Please transcribe exactly, and only, the lines of the data below between the line holding "que estavam ali." and the line holding "밥 먹이 주지 재워 주지 똥 처리해 주지 목욕시켜 주지 주인 하나 좋아한다는 그거", inclusive.

Supplied information >>
·····
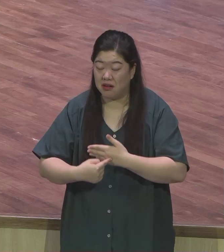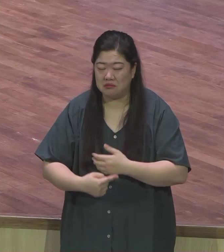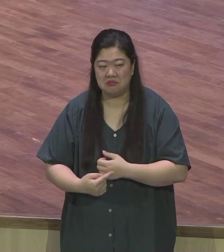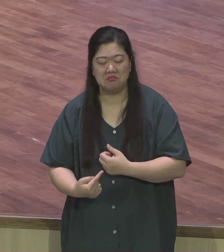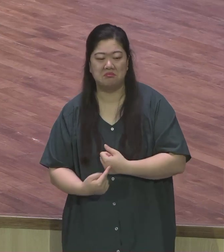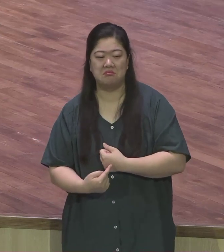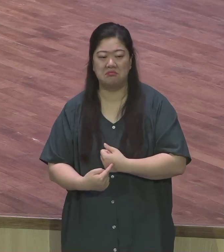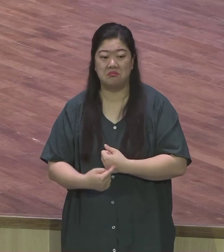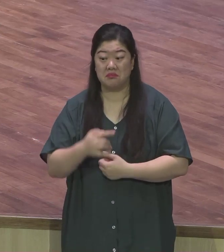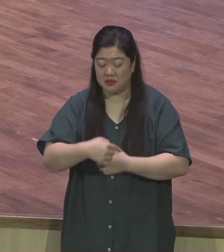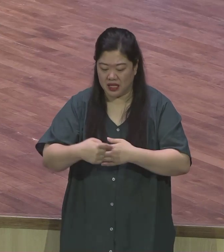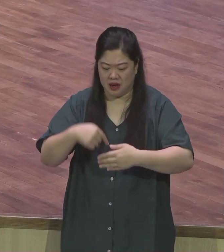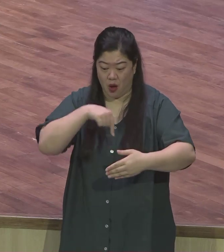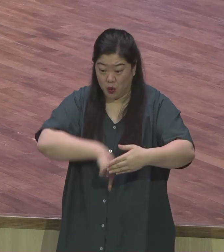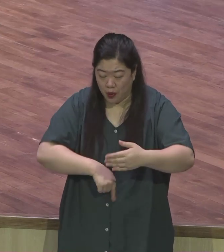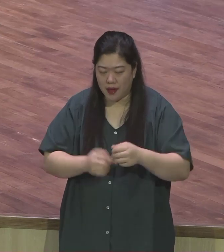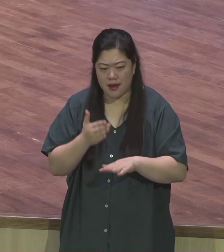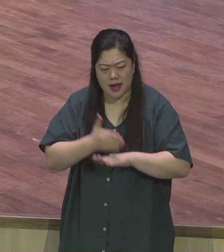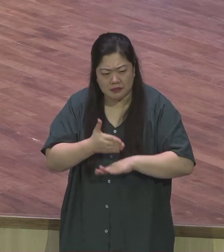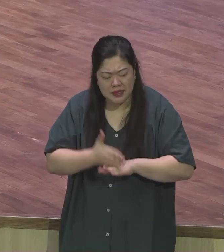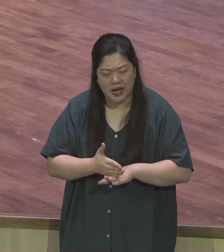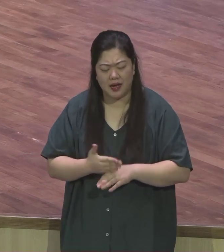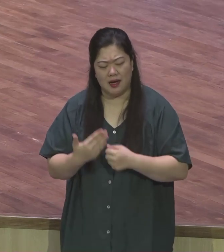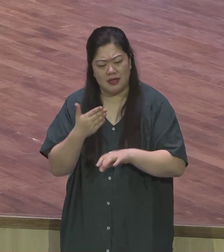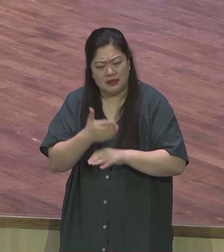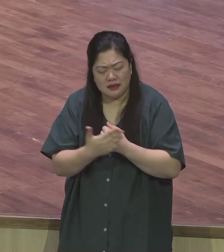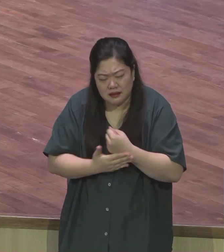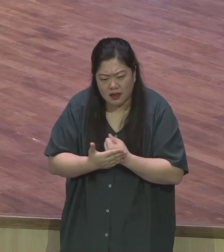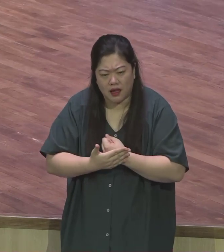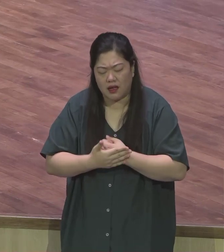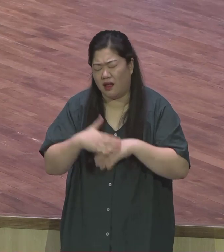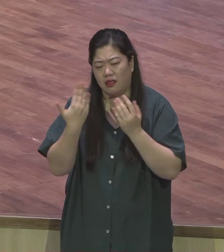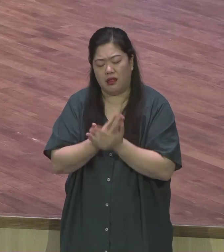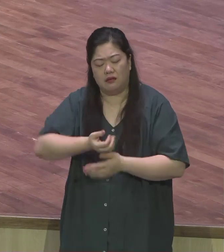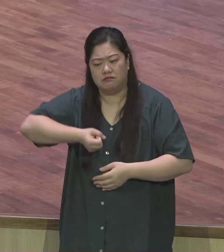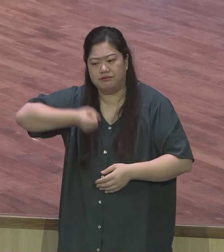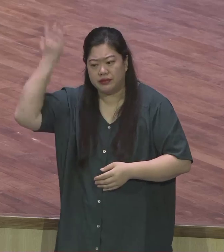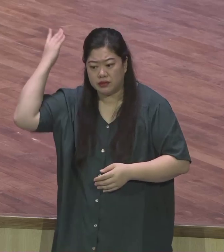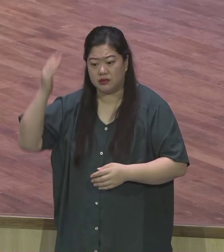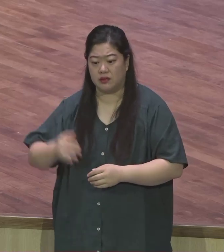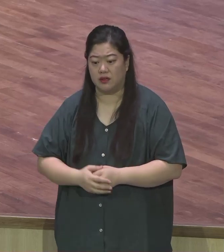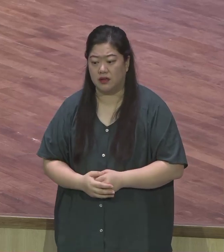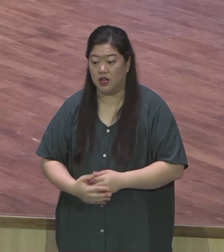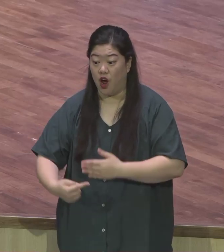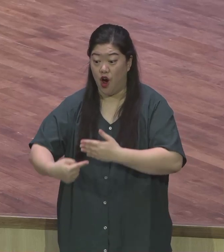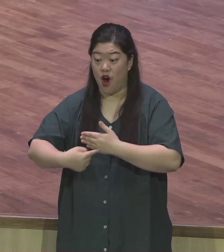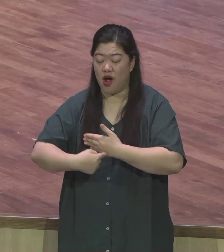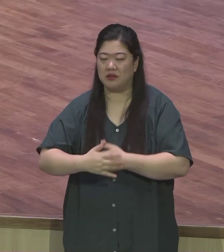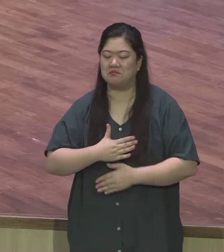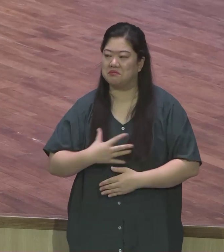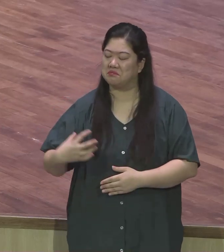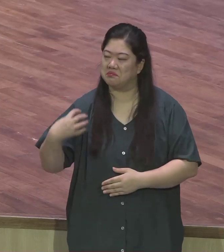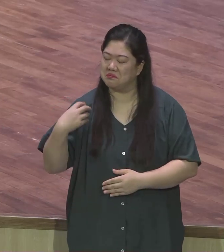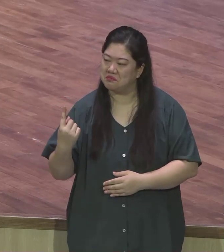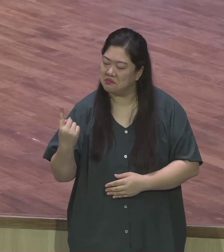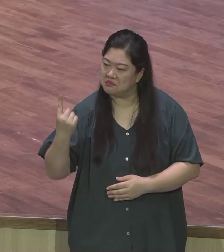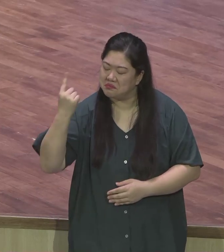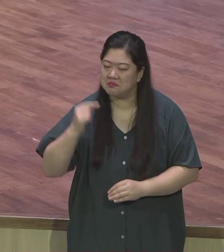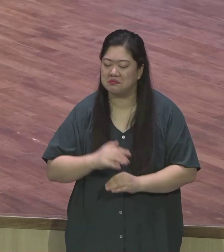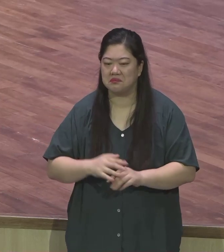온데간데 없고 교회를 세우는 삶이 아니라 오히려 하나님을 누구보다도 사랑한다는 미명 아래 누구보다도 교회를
·····
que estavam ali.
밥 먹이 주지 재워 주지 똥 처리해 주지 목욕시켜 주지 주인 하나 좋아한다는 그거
·····
Response area >>
que estavam ali.
밥 먹이 주지 재워 주지 똥 처리해 주지 목욕시켜 주지 주인 하나 좋아한다는 그거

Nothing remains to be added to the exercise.